A federal appellate panel in Washington declined to let President Donald Trump fire Lisa Cook from the Federal Reserve Board of Governors while her lawsuit challenging her firing proceeds.
The order came Monday night from a divided three-judge panel of the U.S. Court of Appeals for the District of Columbia Circuit. Biden appointees Michelle Childs and Bradley Garcia voted for the denial, while Trump appointee Gregory Katsas dissented.
The two judges in the majority focused on due process, writing that “the government does not dispute that it failed to provide Cook even minimal process — that is, notice of the allegation against her and a meaningful opportunity to respond — before she was purportedly removed.” In his dissent, Katsas wrote that the district court judge was wrong to rule that Cook had a constitutionally protected property interest in her office and that she can’t be removed based on conduct prior to her appointment.
The Supreme Court could soon weigh in on the consequential dispute, with implications for both the economy and presidential power. The case has developed quickly in recent days, after U.S. District Judge Jia Cobb on Tuesday Sept. 9 issued a preliminary order to keep Cook on the board, reasoning that she is likely to succeed in her appeal. Trump wants to fire Cook based on his claim that she committed mortgage fraud prior to her Senate confirmation to a term that expires in 2038. Cook and Cobb are both Biden appointees.
The Supreme Court could soon weigh in on the consequential dispute, with implications for both the economy and presidential power.
Cobb wrote that Cook made a “strong showing” that Trump’s attempt to fire her violated federal law, which requires cause for removal. The judge wrote that the “for cause” requirement in the Federal Reserve Act “does not contemplate removing an individual purely for conduct that occurred before they began in office.” Rather, she wrote that the “best reading of the ‘for cause’ provision is that the bases for removal of a member of the Board of Governors are limited to grounds concerning a Governor’s behavior in office and whether they have been faithfully and effectively executing their statutory duties.”
The Trump administration appealed to the D.C. Circuit, where it filed an emergency motion to lift Cobb’s order. The administration asked the circuit court to act by Monday, Sept. 15, ahead of a meeting the following day of the Federal Open Market Committee, which includes the Federal Reserve Board of Governors. The committee is set to review monetary policy, issue statements on market outlook and vote on interest rates. Trump has pressed for rate cuts from the central bank, which is structured to avoid direct control by the president.

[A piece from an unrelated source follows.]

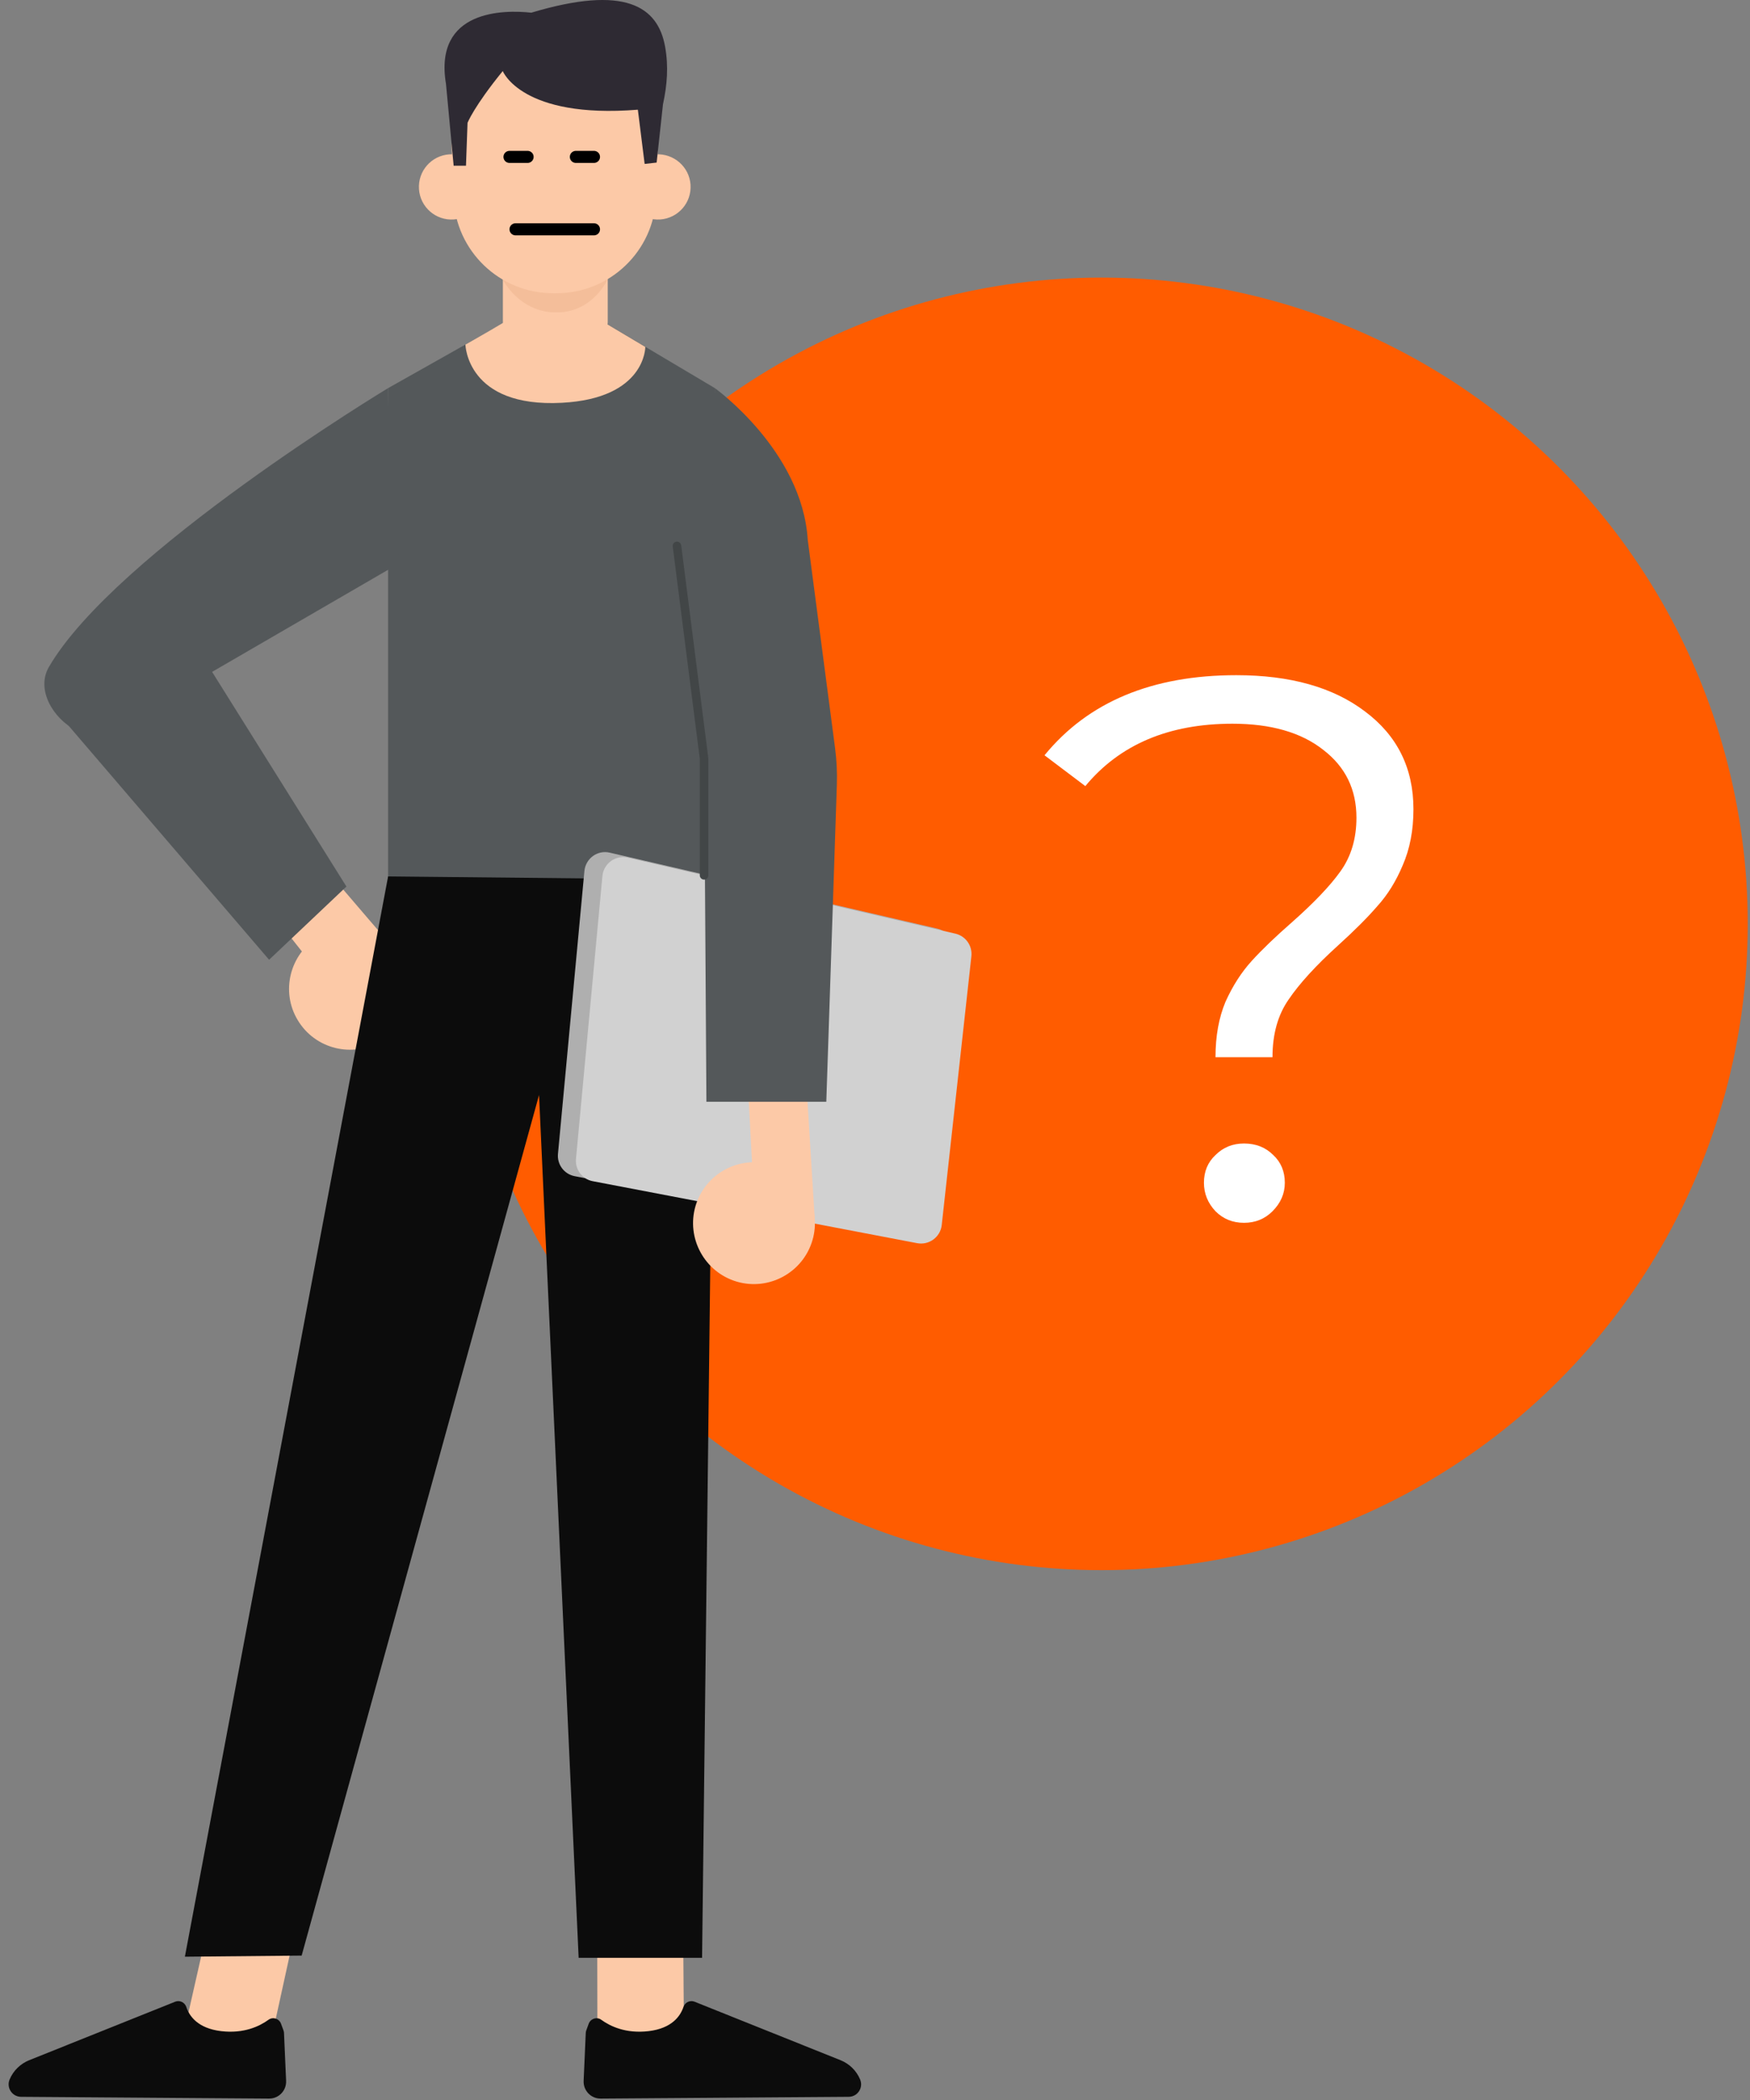 <?xml version="1.0" encoding="UTF-8"?> <svg xmlns="http://www.w3.org/2000/svg" width="145" height="174" viewBox="0 0 145 174" fill="none"><rect x="0" y="0" width="145" height="174" fill="#808080" stroke="none"/> <circle cx="91.264" cy="76.549" r="53.549" fill="#FF5C00"></circle> <path d="M26.394 77.608C28.778 76.172 31.88 76.936 33.316 79.33C34.753 81.714 33.989 84.817 31.595 86.253C29.211 87.689 26.108 86.925 24.672 84.531C23.236 82.156 24.009 79.054 26.394 77.608Z" fill="#FCC9A7"></path> <path d="M32.111 77.967C31.945 77.838 23.089 67.436 23.089 67.436L19.471 71.818L27.462 81.935L32.111 77.967Z" fill="#FCC9A7"></path> <path d="M24.645 159.071L22.389 169.372L15.264 168.305L17.565 158.141L24.645 159.071Z" fill="#FCC9A7"></path> <path d="M56.589 158.151L56.672 168.7L49.5 169.234L49.482 158.813L56.589 158.151Z" fill="#FCC9A7"></path> <path d="M23.291 167.697C23.144 167.264 22.619 167.08 22.242 167.356C21.505 167.89 20.207 168.516 18.329 168.295C16.378 168.065 15.678 167.034 15.439 166.297C15.31 165.911 14.896 165.708 14.518 165.855L2.431 170.698C1.694 170.993 1.105 171.563 0.801 172.291C0.507 172.972 1.004 173.736 1.75 173.736L22.288 173.883C23.098 173.893 23.742 173.221 23.706 172.41L23.531 168.442C23.531 168.378 23.512 168.314 23.494 168.249L23.291 167.697Z" fill="#0C0C0C"></path> <path d="M48.773 167.697C48.92 167.264 49.454 167.08 49.823 167.356C50.559 167.89 51.857 168.516 53.735 168.295C55.687 168.065 56.377 167.034 56.626 166.297C56.755 165.911 57.169 165.708 57.546 165.855L69.634 170.698C70.37 170.993 70.959 171.563 71.263 172.291C71.558 172.972 71.061 173.736 70.315 173.736L49.777 173.883C48.967 173.893 48.322 173.221 48.359 172.41L48.534 168.442C48.534 168.378 48.552 168.314 48.571 168.249L48.773 167.697Z" fill="#0C0C0C"></path> <path d="M48.681 25.89L42.301 26.442L32.157 32.159V72.812H59.231V32.159L48.681 25.89Z" fill="#54585A"></path> <path d="M46.932 29.987H45.1C43.204 29.987 41.666 28.449 41.666 26.553V19.667H50.357V26.553C50.366 28.449 48.828 29.987 46.932 29.987Z" fill="#FCC9A7"></path> <path d="M41.666 23.174C41.666 23.174 43.02 25.89 46.094 25.89C49.169 25.89 50.357 23.119 50.357 23.119L41.666 23.174Z" fill="#F4BE9A"></path> <path d="M46.113 24.297H45.827C41.399 24.297 37.754 20.799 37.579 16.371L37.422 11.961C37.238 7.276 40.985 3.382 45.671 3.382H46.269C49.813 3.382 54.702 7.276 54.517 11.961L54.361 16.371C54.186 20.799 50.541 24.297 46.113 24.297Z" fill="#FCC9A7"></path> <path d="M40.11 15.303C40.212 16.794 39.089 18.083 37.597 18.184C36.106 18.286 34.817 17.163 34.716 15.671C34.615 14.18 35.738 12.891 37.229 12.79C38.72 12.698 40.009 13.821 40.11 15.303Z" fill="#FCC9A7"></path> <path d="M57.215 15.303C57.316 16.794 56.193 18.083 54.702 18.184C53.21 18.286 51.922 17.163 51.82 15.671C51.719 14.18 52.842 12.891 54.334 12.79C55.825 12.698 57.114 13.821 57.215 15.303Z" fill="#FCC9A7"></path> <path d="M32.157 72.619L15.319 162.127L24.994 162.035L49.611 72.794L32.157 72.619Z" fill="#0C0C0C"></path> <path d="M59.231 72.812L58.172 162.219H47.945L43.867 73.374L59.231 72.812Z" fill="#0C0C0C"></path> <path d="M32.157 32.159C32.157 32.159 9.547 45.802 4.051 55.266C2.974 57.116 4.373 59.51 6.27 60.495C8.369 61.59 10.956 60.844 12.162 58.81L33.077 46.677C33.086 46.677 32.157 36.255 32.157 32.159Z" fill="#54585A"></path> <path d="M36.953 6.953L37.588 13.729H38.61L38.739 10.175C38.739 10.175 39.273 8.813 41.657 5.886C41.657 5.886 43.213 9.862 52.851 9.089L53.413 13.582L54.407 13.471L54.932 8.647C55.282 7.018 55.401 5.499 55.107 3.86C54.508 0.546 51.811 -1.286 44.023 1.052C43.379 1.246 44.695 1.117 44.023 1.052C41.795 0.804 35.922 0.776 36.953 6.953Z" fill="#2E2A33"></path> <path d="M48.423 72.168L46.232 95.606C46.15 96.49 46.748 97.29 47.622 97.456L74.504 102.593C75.489 102.786 76.428 102.087 76.538 101.093L78.996 78.814C79.088 77.949 78.526 77.148 77.67 76.945L50.522 70.649C49.51 70.409 48.525 71.127 48.423 72.168Z" fill="#AFAFAF"></path> <path d="M49.914 72.582L47.724 96.02C47.641 96.904 48.239 97.705 49.114 97.871L75.995 103.007C76.98 103.191 77.919 102.501 78.029 101.507L80.487 79.229C80.579 78.363 80.018 77.562 79.162 77.36L52.014 71.063C51.01 70.824 50.016 71.542 49.914 72.582Z" fill="#D1D1D1"></path> <path d="M63.908 96.508C66.577 97.3 68.106 100.108 67.314 102.777C66.522 105.447 63.714 106.975 61.045 106.193C58.375 105.401 56.847 102.593 57.629 99.923C58.43 97.245 61.229 95.716 63.908 96.508Z" fill="#FCC9A7"></path> <path d="M67.507 100.964C67.489 100.752 66.623 86.704 66.623 86.704L61.846 87.569L62.481 99.546L67.507 100.964Z" fill="#FCC9A7"></path> <path d="M59.231 32.159C59.231 32.159 66.467 37.342 66.927 44.725L69.192 61.986C69.321 62.999 69.376 64.011 69.339 65.033L68.465 91.288H58.531L58.347 62.87L59.231 32.159Z" fill="#54585A"></path> <path d="M43.066 25.89C42.292 26.451 38.564 28.55 38.564 28.55C38.564 28.55 38.665 33.798 46.564 33.374C53.514 33.006 53.468 28.744 53.468 28.744L48.672 25.89H43.066Z" fill="#FCC9A7"></path> <path d="M15.19 51.86L28.704 73.457L22.297 79.523L4.088 58.267L15.19 51.86Z" fill="#54585A"></path> <path d="M58.338 72.527V62.861L56.092 45.231" stroke="#424647" stroke-width="0.708" stroke-miterlimit="10" stroke-linecap="round" stroke-linejoin="round"></path> <path d="M42.715 19H49.215" stroke="black" stroke-linecap="round" stroke-linejoin="round"></path> <path d="M42.215 13H43.715" stroke="black" stroke-linecap="round" stroke-linejoin="round"></path> <path d="M47.715 13H49.215" stroke="black" stroke-linecap="round" stroke-linejoin="round"></path> <path d="M100.713 87.598C100.713 85.854 100.989 84.322 101.542 83.003C102.138 81.684 102.861 80.557 103.712 79.621C104.563 78.685 105.669 77.621 107.031 76.43C108.86 74.813 110.2 73.409 111.051 72.218C111.945 70.984 112.391 69.495 112.391 67.751C112.391 65.411 111.477 63.539 109.647 62.135C107.818 60.688 105.308 59.965 102.117 59.965C96.841 59.965 92.778 61.688 89.927 65.134L86.545 62.581C90.161 58.157 95.458 55.944 102.436 55.944C106.903 55.944 110.456 56.944 113.093 58.944C115.774 60.944 117.114 63.645 117.114 67.049C117.114 68.793 116.816 70.346 116.22 71.707C115.667 73.026 114.965 74.154 114.114 75.09C113.306 76.026 112.221 77.111 110.86 78.344C109.03 80.004 107.669 81.493 106.775 82.812C105.882 84.088 105.435 85.684 105.435 87.598H100.713ZM103.074 101.319C102.138 101.319 101.351 101 100.713 100.362C100.074 99.681 99.755 98.894 99.755 98.001C99.755 97.064 100.074 96.299 100.713 95.703C101.351 95.065 102.138 94.746 103.074 94.746C104.052 94.746 104.861 95.065 105.499 95.703C106.137 96.299 106.456 97.064 106.456 98.001C106.456 98.894 106.116 99.681 105.435 100.362C104.797 101 104.01 101.319 103.074 101.319Z" fill="white"></path> </svg>

But asserting control over historically independent agencies has been a theme of Trump’s second term, with this litigation posing the latest test of how far the Supreme Court wants his power to go. “That extraordinary order countermanding the President’s exercise of his Article II authority rests on a series of legal errors and should be stayed pending appeal,” the administration wrote of Cobb’s order keeping Cook on the board (Article II of the Constitution lays out presidential powers).
Cook hasn’t been charged with any fraud, and recent reporting undercuts the claim that she committed fraud. Her lawyers cited that reporting in opposing the administration’s bid to lift Cobb’s order, writing that Trump is trying to remove her based on “unsubstantiated accusations” that are “vague and incomplete.” They also made the broader argument that allowing her removal would end Federal Reserve independence and “send a destabilizing signal to the financial markets that could not be easily undone.”